Sechs junge Leute düsen hier nach Irland und da zur Herbstsaison sofort ab ins finstere Gehölz, weil die Pilze gerade schießen. Psychedelische Trips sind das erklärte Urlaubsziel und so schraddelt man in die bestmögliche Einöde, zwei Pärchen und ein Blondchen, das auf den einheimischen Kumpel scharf ist.
Das heißt: wenig Leute in Reichweite, alle Handys wegen eines möglichen Horrortrips (harhar) eingesammelt und jede Menge Natur. Das Bombardement der roten Heringe kann also beginnen.
Und was es da nicht alles gibt: eine alte Gruselgeschichte am Feuer über eine nahegelegene Anstalt/Schule, die natürlich Schauplatz einer Tragödie wurde und nun Anlaß zur Befürchtung gibt, daß die Überlebenden zum Meucheln noch durch den Forst stampfen, zwei abgestumpfte Hinterwäldlerhirnis, ein Typ mit Kapuze, ein kriechendes Etwas, allgemeine Konflikte und selbstverfreilich das alles gesehen durch die Brille des Psycho-Pilz-Süppchens, so daß das nur eingebildet sein kann.

„Shrooms“ hält den Zuschauer permanent an der langen Leine der Verunsicherung, was er auch muß, denn der Rest vom Sechs-Kleine-Weißbrot-Spiel ist wenig aufregend.
Die Möglichkeiten des Drogenrauschs werden nur allzu selten überhaupt richtig aufgegriffen, vielmehr kommt eine grottendämliche Idee zum Tragen, daß der Genuß eines grünen Knollenblätterpilzes nicht Visionen, sondern auch den möglichen Blick in die Zukunft verursachen kann. Da Blondie im Liebeskummer natürlich die Grasnarbe ablutscht, darf sie sich dann auch durch den Restfilm zucken und krampfen, wobei der Zuschauer nie sicher ist, ob es sich um Ausgedachtes, Gegenwärtiges oder Zukünftiges handelt.
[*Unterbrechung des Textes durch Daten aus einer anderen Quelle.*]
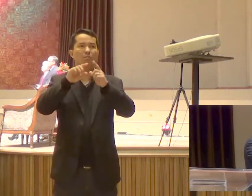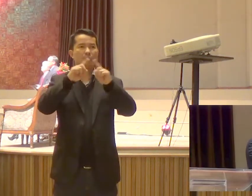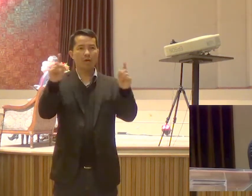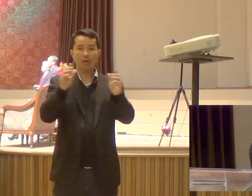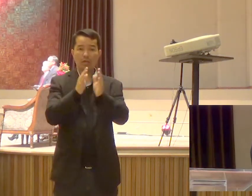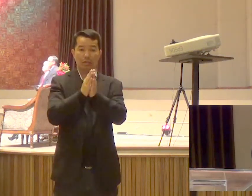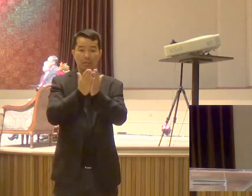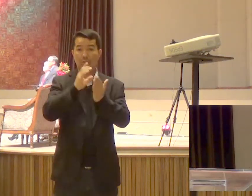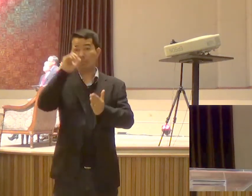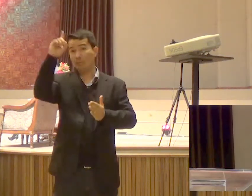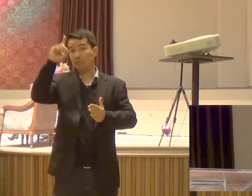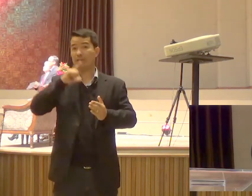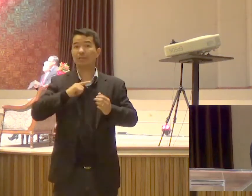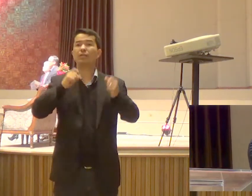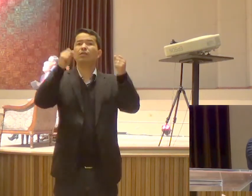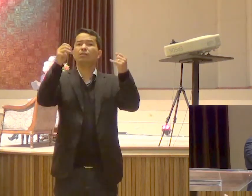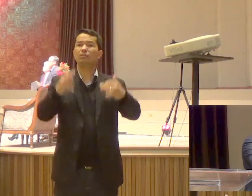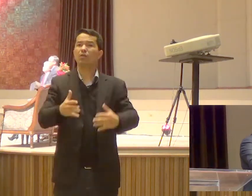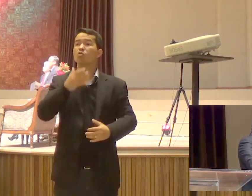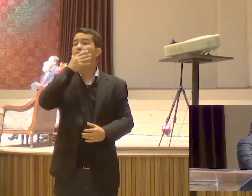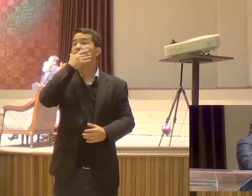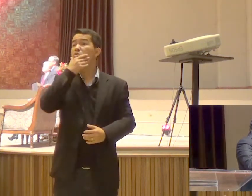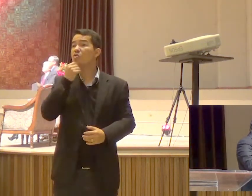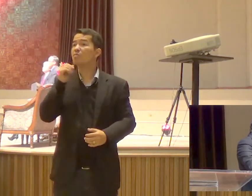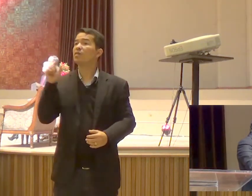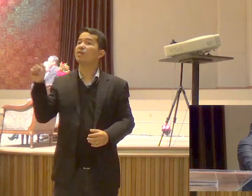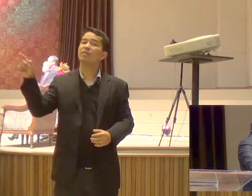falando Homem Você É o cabeça Da sua casa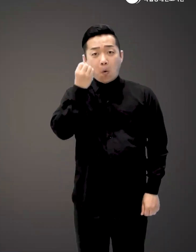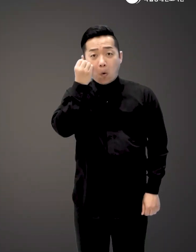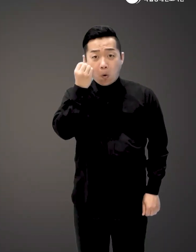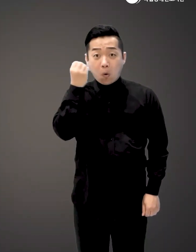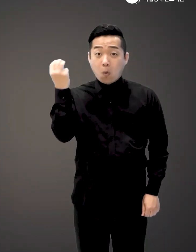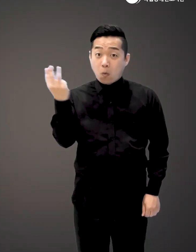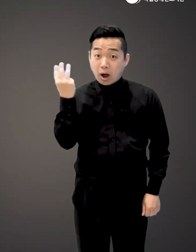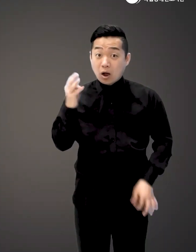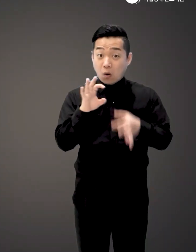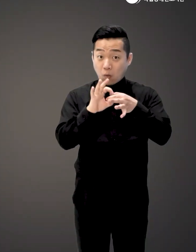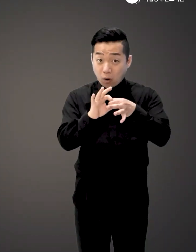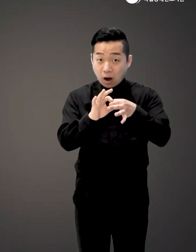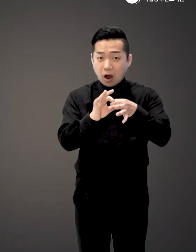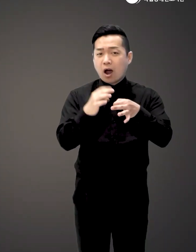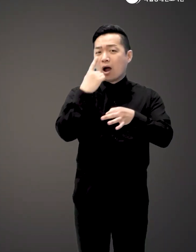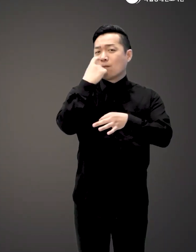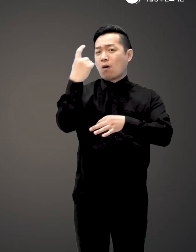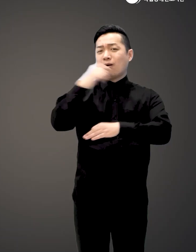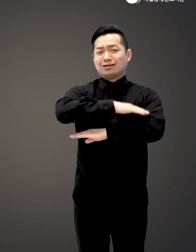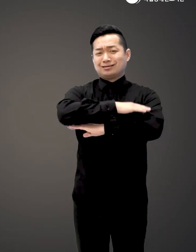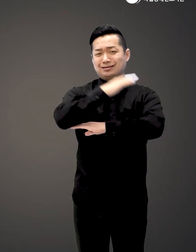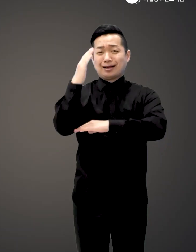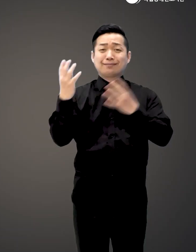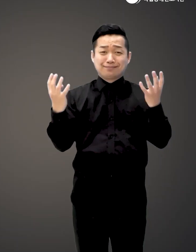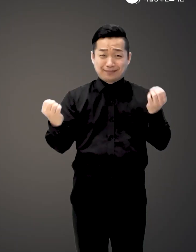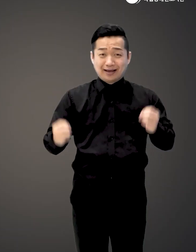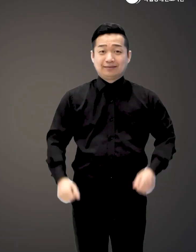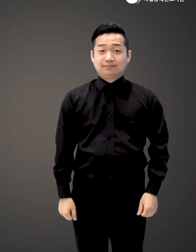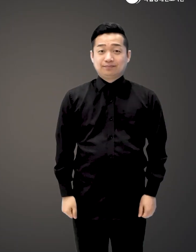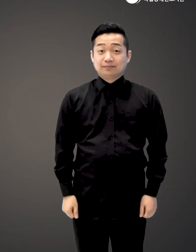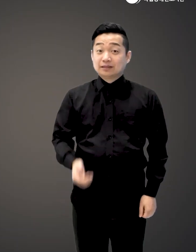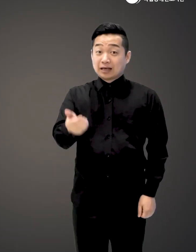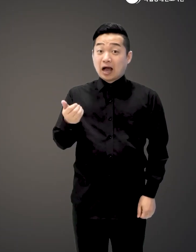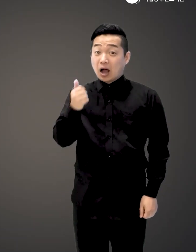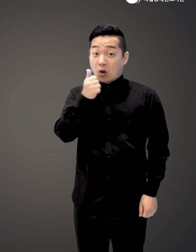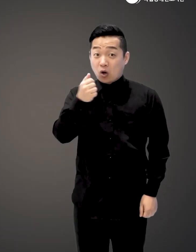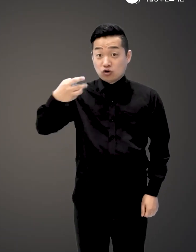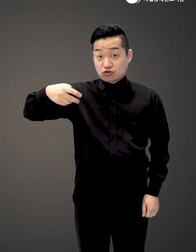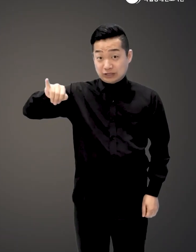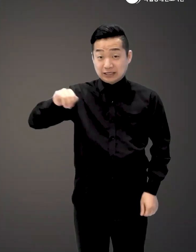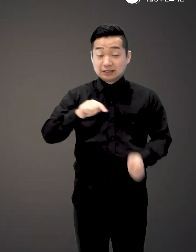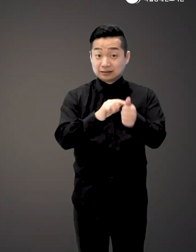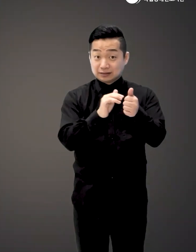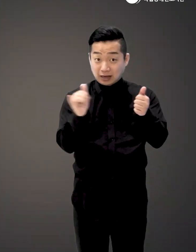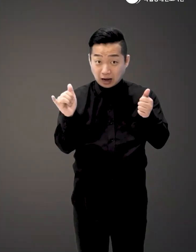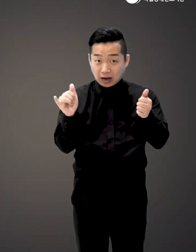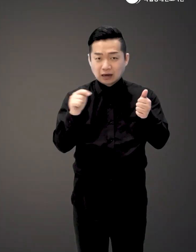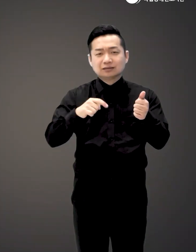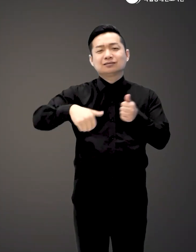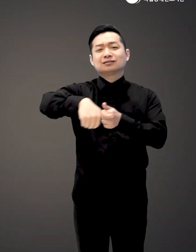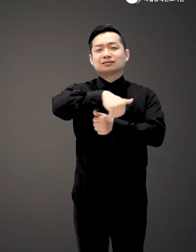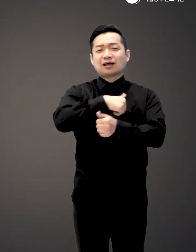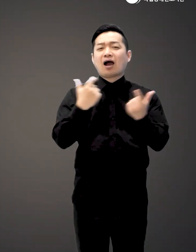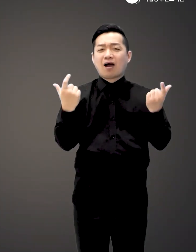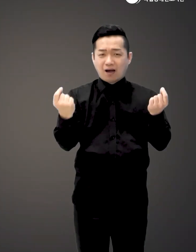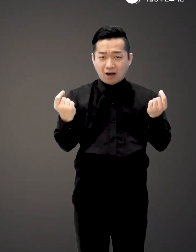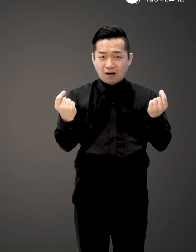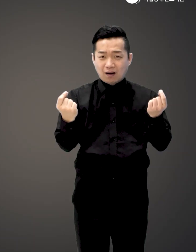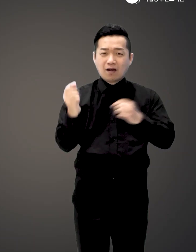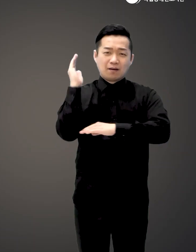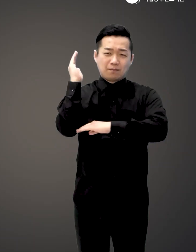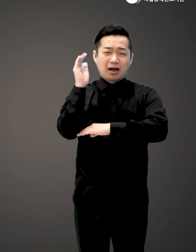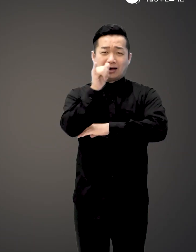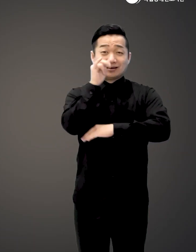신기하게도 와인과 관련된 참 멋진 이야기들이 많이 있습니다 앞서 소개한 루이 파스테르 역시 그런 맥락으로

Ins Detail gegangen wird hier eher nicht, die Morde sind teilweise eher im Off oder nur am Rande erkennbar, dafür bemüht man sich mittels Blaufilter und Abdunkelung die düstere Location ins Bild zu setzen und hat einige Male auch erheblichen Erfolg damit, denn etwas unheimlich wirkt „Shrooms“ schon bisweilen.

Die Auflösung allerdings, die öfters mal als „alles über den Haufen werfend“ und „überraschend“ bezeichnet wird, winkt dem denkenden Menschen schon aus weiter Ferne entgegen, gerade weil man die Morde nicht sieht und sie die einzige Variante ist, auf die der Film mit aller Macht nicht anspielt.

Insofern ein solider, aber inhaltlich sehr konventioneller Horrorfilm, der seine begrenzte Laufzeit aber akzeptabel nutzt, seine blassen Figuren nicht zuviel Quark reden läßt und genau so passabel unterhält, wie man das von so einer Kompaktproduktion erwartet. Ordentliche 5/10.